Introduction

During the past several decades, many diagnostic cardiovascular modalities have been developed. Combining these into multimodal imaging (MMI) creates enhanced decision support for clinical management of patients with cardiovascular disease.

Progression from additive consideration of the primary data from different modalities, to side-by-side comparison of the different images, to superimposition of the structural and functional characteristics of the different images, provides the increased understanding required for optimal improvement of clinical diagnosis. Multimodal imaging is also a way to continually update and reevaluate paradigms of individual diagnostic methods.

In this book, a team of distinguished authors—clinicians as well as computer scientists, mathematicians, and physicists—has been brought together to provide a wide range of aspects important to the development and use of MMI. The authors have been requested to confine their chapters to their own area of interest and expertise and to include both their current experiences and future considerations.

The chapters are divided into three sections based on the perspectives of the authors. Sections I and II contain chapters that focus on a single diagnostic modality and its broad application in clinical cardiovascular conditions. Section III contains chapters that focus on a single clinical condition and how MMI can provide decision support. This format provides duplication of information in chapters in the sections of the book.

In Table I–1, the imaging modalities included in the 17 chapters in Sections I and II are presented as columns, and the general clinical conditions for which they provide diagnostic capability are presented as rows. The modalities are ordered according to the sequence of chapters and are numbered from 1 to 17 accordingly. Some of the modalities are considered in more than one chapter in Section I.
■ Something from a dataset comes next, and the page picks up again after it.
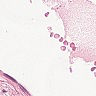
Metastatic tissue present: no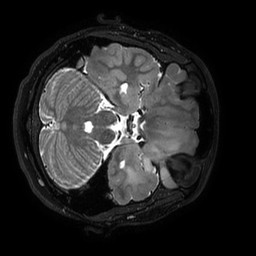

Table I–1. Imaging Modalities in Sections I and II

Chapters in Section I include many modalities that currently produce direct images of cardiovascular structures and their function (eg, coronary angiography, echocardiography, SPECT, and magnetic resonance imaging). Because the inexpensive and widely available electrocardiogram (ECG) is now being developed into an imaging modality, several chapters are devoted to considering the perspectives of standard scalar ECG, spatial dipolar electrocardiotopographic [DECARTO] imaging, the inverse problem of ECG (ie, deducing cardiac excitation patterns from body surface recordings), and autonomic modulation. Section II covers ...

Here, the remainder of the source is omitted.